I am currently developing some cluster concept and once again asking for your opinions and insight. We will need different clusters for different customers. I have some questions regarding my concepts and I hope you can help with this.
Concept 1, Simple Cluster. Should be able to handle 200MB/day. Maybe more in the future. What should I do when I add new nodes? The elastic documentation states that after 3 Nodes I should start with giving some nodes specific rolles. The problem that I have with this is that I want tho have a reliable cluster so when I start to add specific rolles I will need at least 3 new nodes with these roles so that they are failproof. Right? So when I want nodes that are only Master I will need 3 new Nodes which only do the master job. That doesn't sound to good.
Concept 2, Master/Data:
This concept should be used when we have customers with more data. 20GB/day. All customers have timeseries data, so we will never change or delete any of it. Is this a good solution for this? What my concern is that the master nodes are useless and bored. I can't see why they would ever have to work with more than 5% of their power but still they would need 30% of the budget. At what point do master nodes become useful? Shard allocation and cluster managment doesn't sound resource
Concept 3, Hot-Warm:
Is the following concept better for timeseries data? The data is still around 20GB/day. I am more happy with this concept because the master nodes are also the warm nodes. I don't think the warm nodes will get a lot of traffic so they should be fine. Or is this a bad idea?
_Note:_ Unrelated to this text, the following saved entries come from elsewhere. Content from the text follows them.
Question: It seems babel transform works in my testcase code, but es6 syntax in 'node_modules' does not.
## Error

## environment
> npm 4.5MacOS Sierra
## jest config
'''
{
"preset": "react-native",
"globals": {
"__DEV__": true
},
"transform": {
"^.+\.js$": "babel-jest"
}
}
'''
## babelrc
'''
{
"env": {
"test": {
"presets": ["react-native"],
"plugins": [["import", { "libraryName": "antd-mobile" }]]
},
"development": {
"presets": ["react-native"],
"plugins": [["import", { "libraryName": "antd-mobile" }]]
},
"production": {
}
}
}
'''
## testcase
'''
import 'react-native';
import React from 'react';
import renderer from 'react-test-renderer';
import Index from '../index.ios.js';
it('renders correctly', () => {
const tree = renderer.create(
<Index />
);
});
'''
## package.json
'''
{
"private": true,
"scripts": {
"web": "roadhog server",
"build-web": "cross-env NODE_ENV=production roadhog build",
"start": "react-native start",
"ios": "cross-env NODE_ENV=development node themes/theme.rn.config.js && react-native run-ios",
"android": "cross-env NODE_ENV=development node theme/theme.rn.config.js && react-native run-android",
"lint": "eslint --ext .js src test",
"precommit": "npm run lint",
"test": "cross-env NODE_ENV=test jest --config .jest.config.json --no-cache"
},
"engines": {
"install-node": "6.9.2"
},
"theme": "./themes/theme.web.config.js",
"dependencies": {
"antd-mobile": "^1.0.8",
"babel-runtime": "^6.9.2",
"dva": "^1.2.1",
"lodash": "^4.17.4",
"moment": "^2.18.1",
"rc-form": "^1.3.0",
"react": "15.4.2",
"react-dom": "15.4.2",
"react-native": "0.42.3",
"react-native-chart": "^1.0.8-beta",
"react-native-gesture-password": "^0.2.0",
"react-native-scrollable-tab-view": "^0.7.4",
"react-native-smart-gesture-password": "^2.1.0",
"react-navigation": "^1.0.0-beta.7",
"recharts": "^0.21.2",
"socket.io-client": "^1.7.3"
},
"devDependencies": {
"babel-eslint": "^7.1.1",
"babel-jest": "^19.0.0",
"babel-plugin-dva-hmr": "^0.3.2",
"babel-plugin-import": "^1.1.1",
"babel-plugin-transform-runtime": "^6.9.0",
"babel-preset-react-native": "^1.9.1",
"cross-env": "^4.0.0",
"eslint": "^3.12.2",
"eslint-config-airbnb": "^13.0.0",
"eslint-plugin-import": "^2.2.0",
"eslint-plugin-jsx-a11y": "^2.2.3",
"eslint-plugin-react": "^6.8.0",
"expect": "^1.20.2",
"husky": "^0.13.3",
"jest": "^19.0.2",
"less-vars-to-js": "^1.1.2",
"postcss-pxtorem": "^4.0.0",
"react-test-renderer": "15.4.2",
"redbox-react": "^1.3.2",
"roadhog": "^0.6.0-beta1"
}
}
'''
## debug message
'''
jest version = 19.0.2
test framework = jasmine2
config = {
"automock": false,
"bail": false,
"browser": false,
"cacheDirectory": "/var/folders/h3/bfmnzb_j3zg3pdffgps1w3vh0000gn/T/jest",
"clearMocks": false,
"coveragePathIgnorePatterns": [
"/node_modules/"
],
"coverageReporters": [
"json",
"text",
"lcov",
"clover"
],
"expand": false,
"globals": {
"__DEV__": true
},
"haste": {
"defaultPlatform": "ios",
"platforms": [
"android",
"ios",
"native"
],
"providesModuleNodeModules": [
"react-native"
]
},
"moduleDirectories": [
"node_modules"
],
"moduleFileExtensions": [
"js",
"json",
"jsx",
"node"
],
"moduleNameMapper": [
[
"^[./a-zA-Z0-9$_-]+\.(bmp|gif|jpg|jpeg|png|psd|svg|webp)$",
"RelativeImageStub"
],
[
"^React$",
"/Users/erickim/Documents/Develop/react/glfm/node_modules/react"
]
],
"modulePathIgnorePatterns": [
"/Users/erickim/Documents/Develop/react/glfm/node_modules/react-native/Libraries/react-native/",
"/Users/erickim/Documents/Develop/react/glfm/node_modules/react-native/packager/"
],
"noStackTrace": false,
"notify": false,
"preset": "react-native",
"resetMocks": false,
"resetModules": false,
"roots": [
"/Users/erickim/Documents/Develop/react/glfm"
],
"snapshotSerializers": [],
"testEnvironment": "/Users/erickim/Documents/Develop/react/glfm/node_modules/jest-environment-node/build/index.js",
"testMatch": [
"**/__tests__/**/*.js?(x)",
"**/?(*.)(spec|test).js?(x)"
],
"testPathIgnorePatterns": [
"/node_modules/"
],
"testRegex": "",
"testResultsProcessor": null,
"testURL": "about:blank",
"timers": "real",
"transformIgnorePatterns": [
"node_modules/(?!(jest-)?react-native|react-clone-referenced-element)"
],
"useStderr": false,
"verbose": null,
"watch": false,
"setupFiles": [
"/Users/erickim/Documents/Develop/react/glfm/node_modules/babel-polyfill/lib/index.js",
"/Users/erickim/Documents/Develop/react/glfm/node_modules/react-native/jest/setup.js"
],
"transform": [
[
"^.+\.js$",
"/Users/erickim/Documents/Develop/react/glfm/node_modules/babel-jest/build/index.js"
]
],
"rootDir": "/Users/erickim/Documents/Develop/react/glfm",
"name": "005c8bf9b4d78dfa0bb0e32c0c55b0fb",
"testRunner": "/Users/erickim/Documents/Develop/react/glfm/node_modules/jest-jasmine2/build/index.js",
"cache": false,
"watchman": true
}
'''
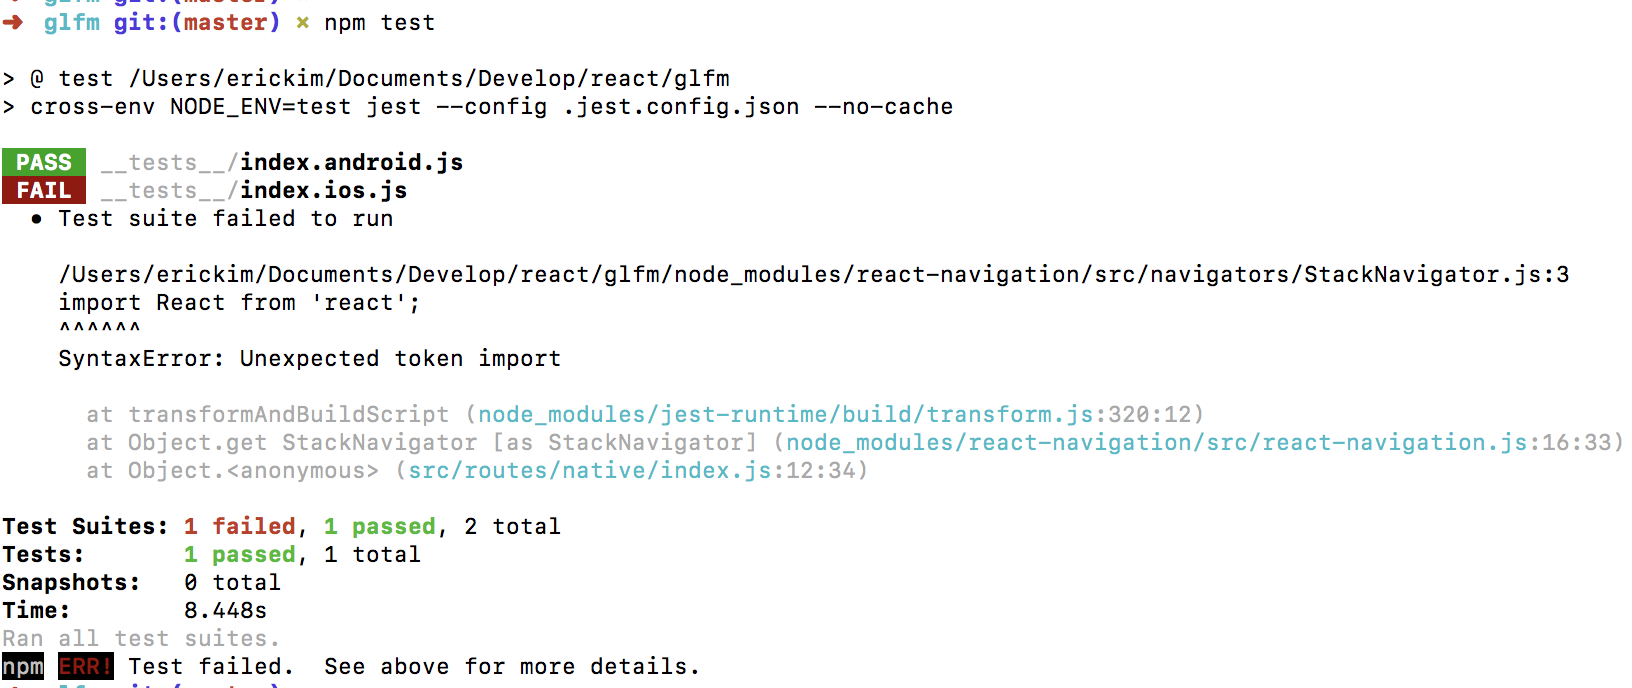
Answer: I figured it out. By default jest doesn't transform ES6 js code from 'node_modules'. In my case, the package 'react-navigation' module need to be translated. So I added 'transformIgnorePatterns' to my jest configuration and everything worked:
'''
{
"preset": "react-native",
"setupFiles": ["./test/setup.js"],
"globals": {
"__DEV__": true
},
"transform": {
"^.+\.js$": "babel-jest"
},
"transformIgnorePatterns": [
"node_modules/(?!react-native|react-navigation)/"
]
}
'''
<URL>

Is the following concept really better? It would add a lot of costs. (If there is a good reason for master nodes we are happy to pay for it, but not if they are not that important)
Concept 4, Hot-Warm-Cold-Master:
This is for the biggest project. 200GB/day or more. I think in the following concept coordination nodes are missing. They sound really important when having such a big cluster and so much data. What is your opinion on coordination nodes? What configuration should they have?
To sum up some questions:
- How important are master nodes, at what point should we use them?
- What is a good cluster concept for timeseries data?
- Is there anything "stupid" in my concepts? Open for improvements.
- What do your clusters look like? For comparison.
Thank you for your time,